Error tokenizing data during Pandas read_csv. How to actually see the bad lines?

pythoncsvpandas

提问by ??????

I have a large csv that I load as follows

我有一个很大的 csv,我按如下方式加载

df=pd.read_csv('my_data.tsv',sep='\t',header=0, skiprows=[1,2,3])

I get several errors during the loading process.

我在加载过程中遇到几个错误。

  1. First, if I dont specify warn_bad_lines=True,error_bad_lines=FalseI get:

    Error tokenizing data. C error: Expected 22 fields in line 329867, saw 24

  2. Second, if I use the options above, I now get:

    CParserError: Error tokenizing data. C error: EOF inside string starting at line 32357585

  1. 首先,如果我不指定warn_bad_lines=True,error_bad_lines=False我得到:

    标记数据时出错。C 错误:在第 329867 行预计有 22 个字段,看到 24

  2. 其次,如果我使用上面的选项,我现在得到:

    CParserError:标记数据时出错。C 错误:字符串内的 EOF 从 32357585 行开始

Question is: how can I have a look at these bad linesto understand what's going on? Is it possible to have read_csvreturn these bogus lines?

问题是:我怎样才能查看这些坏行以了解发生了什么?是否有可能read_csv退回这些假行?

I tried the following hint (Pandas ParserError EOF character when reading multiple csv files to HDF5):

我尝试了以下提示(将多个 csv 文件读取到 HDF5 时的 Pandas ParserError EOF 字符):

from pandas import parser

try:
  df=pd.read_csv('mydata.tsv',sep='\t',header=0, skiprows=[1,2,3])
except (parser.CParserError) as detail:
  print  detail

but still get

但仍然得到

Error tokenizing data. C error: Expected 22 fields in line 329867, saw 24

标记数据时出错。C 错误:在第 329867 行预计有 22 个字段,看到 24

回答by Sameh Farouk

i'll will give my answer in two parts:

我将分两部分给出我的答案:

part1:the op asked how to output these bad lines, to answer this we can use python csv module in a simple code like that:

第 1 部分:op 询问如何输出这些坏行,为了回答这个问题,我们可以在一个简单的代码中使用 python csv 模块,如下所示:

import csv
file = 'your_filename.csv' # use your filename
lines_set = set([100, 200]) # use your bad lines numbers here

with open(file) as f_obj:
    for line_number, row in enumerate(csv.reader(f_obj)):
        if line_number > max(lines_set):
            break
        elif line_number in lines_set: # put your bad lines numbers here
            print(line_number, row)

also we can put it in more general function like that:

我们也可以把它放在更通用的函数中:

import csv


def read_my_lines(file, lines_list, reader=csv.reader):
    lines_set = set(lines_list)
    with open(file) as f_obj:
        for line_number, row in enumerate(csv.reader(f_obj)):
            if line_number > max(lines_set):
                break
            elif line_number in lines_set:
                print(line_number, row)


if __name__ == '__main__':
    read_my_lines(file='your_filename.csv', lines_list=[100, 200])

part2: the cause of the error you get:

第 2 部分:您得到的错误的原因:

it's hard to diagnose problem like this without a sample of the file you use. but you should try this ..

如果没有您使用的文件样本,很难诊断这样的问题。

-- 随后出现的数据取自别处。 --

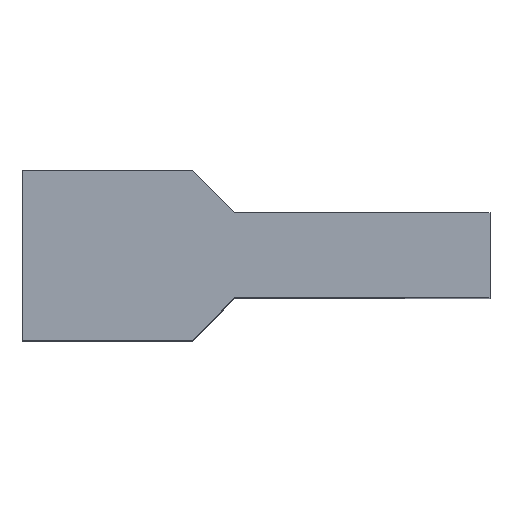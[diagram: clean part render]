
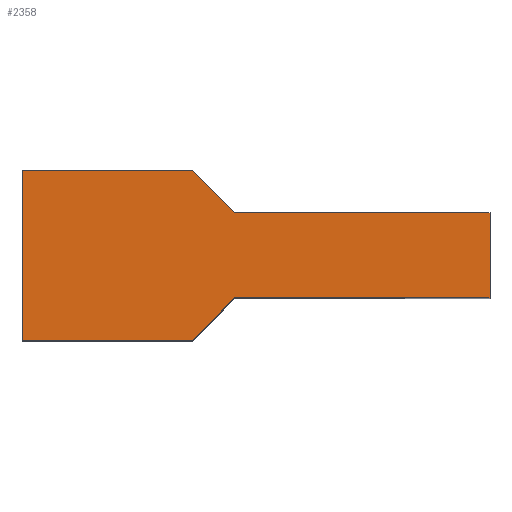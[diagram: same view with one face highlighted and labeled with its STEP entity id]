
A CAD part, top view. The second image highlights one B-rep face of the part: STEP entity #2358.
In plain terms, the highlighted planar face has unit normal (0, 0, 1).
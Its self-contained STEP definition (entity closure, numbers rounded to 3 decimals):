
#64=PLANE('',#2510);
#129=FACE_OUTER_BOUND('',#264,.T.);
#264=EDGE_LOOP('',(#1714,#1715,#1716,#1717,#1718,#1719,#1720,#1721));
#588=LINE('',#3944,#752);
#596=LINE('',#3959,#760);
#599=LINE('',#3967,#763);
#605=LINE('',#3980,#769);
#618=LINE('',#5464,#782);
#621=LINE('',#5470,#785);
#624=LINE('',#5475,#788);
#633=LINE('',#5492,#797);
#752=VECTOR('',#2665,10.);
#760=VECTOR('',#2675,10.);
#763=VECTOR('',#2680,10.);
#769=VECTOR('',#2690,10.);
#782=VECTOR('',#2713,10.);
#785=VECTOR('',#2718,10.);
#788=VECTOR('',#2723,10.);
#797=VECTOR('',#2744,10.);
#940=VERTEX_POINT('',#3941);
#941=VERTEX_POINT('',#3943);
#947=VERTEX_POINT('',#3957);
#950=VERTEX_POINT('',#3964);
#951=VERTEX_POINT('',#3966);
#956=VERTEX_POINT('',#3979);
#964=VERTEX_POINT('',#5463);
#966=VERTEX_POINT('',#5469);
#1198=EDGE_CURVE('',#940,#941,#588,.T.);
#1206=EDGE_CURVE('',#947,#940,#596,.T.);
#1209=EDGE_CURVE('',#950,#951,#599,.T.);
#1215=EDGE_CURVE('',#951,#956,#605,.T.);
#1236=EDGE_CURVE('',#950,#964,#618,.T.);
#1239=EDGE_CURVE('',#964,#966,#621,.T.);
#1242=EDGE_CURVE('',#966,#941,#624,.T.);
#1251=EDGE_CURVE('',#947,#956,#633,.T.);
#1714=ORIENTED_EDGE('',*,*,#1251,.T.);
#1715=ORIENTED_EDGE('',*,*,#1215,.F.);
#1716=ORIENTED_EDGE('',*,*,#1209,.F.);
#1717=ORIENTED_EDGE('',*,*,#1236,.T.);
#1718=ORIENTED_EDGE('',*,*,#1239,.T.);
#1719=ORIENTED_EDGE('',*,*,#1242,.T.);
#1720=ORIENTED_EDGE('',*,*,#1198,.F.);
#1721=ORIENTED_EDGE('',*,*,#1206,.F.);
#2358=ADVANCED_FACE('',(#129),#64,.T.);
#2510=AXIS2_PLACEMENT_3D('',#5493,#2745,#2746);
#2665=DIRECTION('',(-0.707,-0.707,0.));
#2675=DIRECTION('',(-1.,0.,0.));
#2680=DIRECTION('',(0.707,-0.707,0.));
#2690=DIRECTION('',(1.,0.,0.));
#2713=DIRECTION('',(-1.,0.,0.));
#2718=DIRECTION('',(0.,-1.,0.));
#2723=DIRECTION('',(1.,0.,0.));
#2744=DIRECTION('',(0.,1.,0.));
#2745=DIRECTION('center_axis',(0.,0.,1.));
#2746=DIRECTION('ref_axis',(1.,0.,0.));
#3941=CARTESIAN_POINT('',(-60.,-10.,70.));
#3943=CARTESIAN_POINT('',(-70.,-20.,70.));
#3944=CARTESIAN_POINT('',(-67.5,-17.5,70.));
#3957=CARTESIAN_POINT('',(0.,-10.,70.));
#3959=CARTESIAN_POINT('',(-90.,-10.,70.));
#3964=CARTESIAN_POINT('',(-70.,20.,70.));
#3966=CARTESIAN_POINT('',(-60.,10.,70.));
#3967=CARTESIAN_POINT('',(-67.5,17.5,70.));
#3979=CARTESIAN_POINT('',(0.,10.,70.));
#3980=CARTESIAN_POINT('',(-90.,10.,70.));
#5463=CARTESIAN_POINT('',(-110.,20.,70.));
#5464=CARTESIAN_POINT('',(-70.,20.,70.));
#5469=CARTESIAN_POINT('',(-110.,-20.,70.));
#5470=CARTESIAN_POINT('',(-110.,20.,70.));
#5475=CARTESIAN_POINT('',(-110.,-20.,70.));
#5492=CARTESIAN_POINT('',(0.,0.,70.));
#5493=CARTESIAN_POINT('Origin',(-90.,0.,70.));

但你应该试试这个..

pd.read_csv(filename)

is it parse the file with no error ? if so, i will explain why.

它解析文件没有错误吗?如果是这样,我会解释原因。

the number of columns is inferred from the first line.

从第一行推断列数。

by using skiprows and header=0you escaped the first 3 rows, i guess that contains the columns names or the header that should contains the correct number of columns.

通过使用 skiprows 并header=0转义前 3 行,我猜其中包含列名称或应包含正确列数的标题。

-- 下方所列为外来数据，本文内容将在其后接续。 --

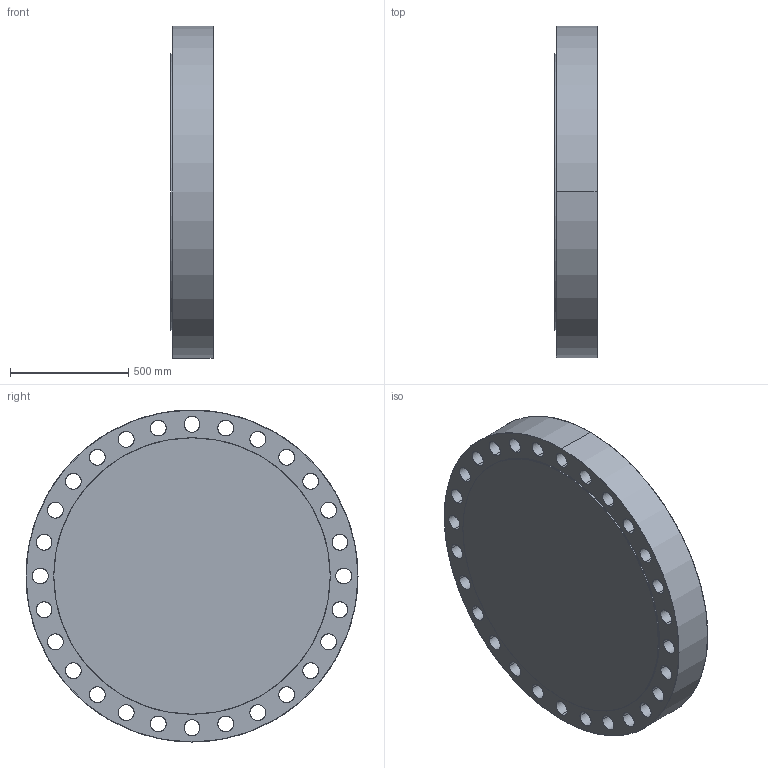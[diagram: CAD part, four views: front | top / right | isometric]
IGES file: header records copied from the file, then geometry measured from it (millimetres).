
Start section: SolidWorks IGES file using analytic representation for surfaces
Global section: file name: 42_600_B1647A_RF_BLF.IGS; native system: SolidWorks 2023; preprocessor: SolidWorks 2023; author: Ken_Snader; date: 240112.145054; units: inch
Bounding box: 177.8 x 1403.35 x 1403.35 mm (x, y, z)
Surface area: 4682737.1 mm2 (no closed solid volume)
Topology: 0 solids, 0 shells, 63 faces, 2288 edges, 2288 vertices
Faces by surface type: revolution 60, bspline 3
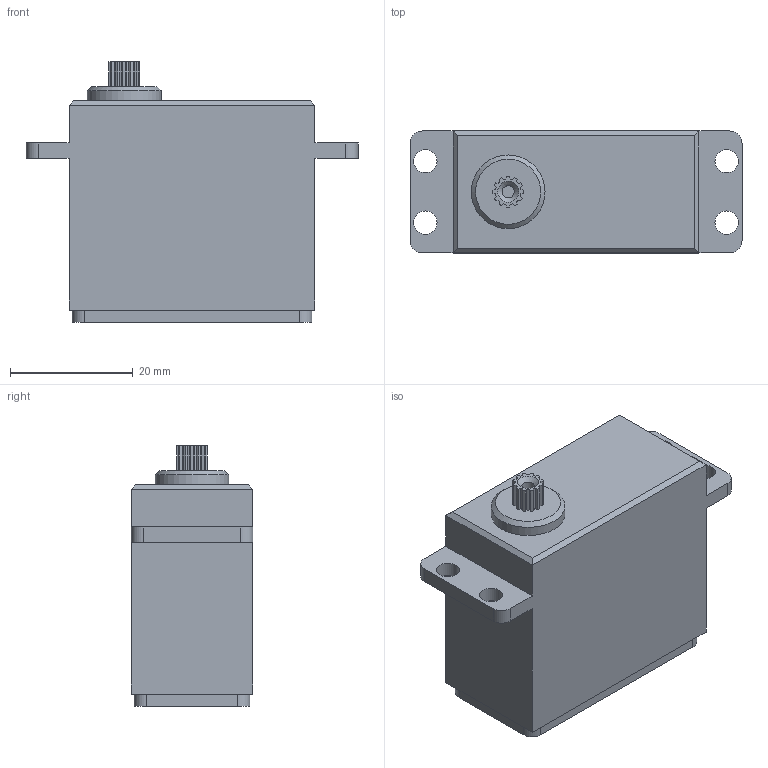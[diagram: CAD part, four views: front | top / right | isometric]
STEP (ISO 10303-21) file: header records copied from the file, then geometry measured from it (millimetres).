
FILE_DESCRIPTION(/* description */ (''),/* implementation_level */ '2;1');
FILE_NAME(/* name */ 'BIGSERVO.stp',/* time_stamp */ '2020-05-28T10:39:10-07:00',/* author */ ('izuwa'),/* organization */ (''),/* preprocessor_version */ 'ST-DEVELOPER v18.1',/* originating_system */ 'Autodesk Inventor 2021',/* authorisation */ '');
FILE_SCHEMA (('AUTOMOTIVE_DESIGN { 1 0 10303 214 3 1 1 }'));
Length unit declared in the file: millimetre
Products named in the file (1): BIGSERVO
Bounding box: 54 x 19.82 x 42.4 mm (x, y, z)
Volume: 29279.5 mm3; surface area: 6652.2 mm2
Topology: 1 solids, 1 shells, 90 faces, 246 edges, 162 vertices
Faces by surface type: plane 50, cylinder 38, cone 2
Full cylindrical faces by diameter (mm): 2 x1, 3.8 x4, 12 x1
Entity records: 2984 total; most frequent: DIRECTION 506, CARTESIAN_POINT 499, ORIENTED_EDGE 492, EDGE_CURVE 246, AXIS2_PLACEMENT_3D 169, LINE 168, VECTOR 168, VERTEX_POINT 162

basically you constraining what the parser is doing.

基本上你限制了解析器在做什么。

so parse without skiprows, or header=0then reindexing to what you need later.

所以在没有skiprows的情况下解析,或者header=0然后重新索引到你以后需要的东西。

note:

注意

if you unsure about what delimiter used in the file use sep=None, but it would be slower.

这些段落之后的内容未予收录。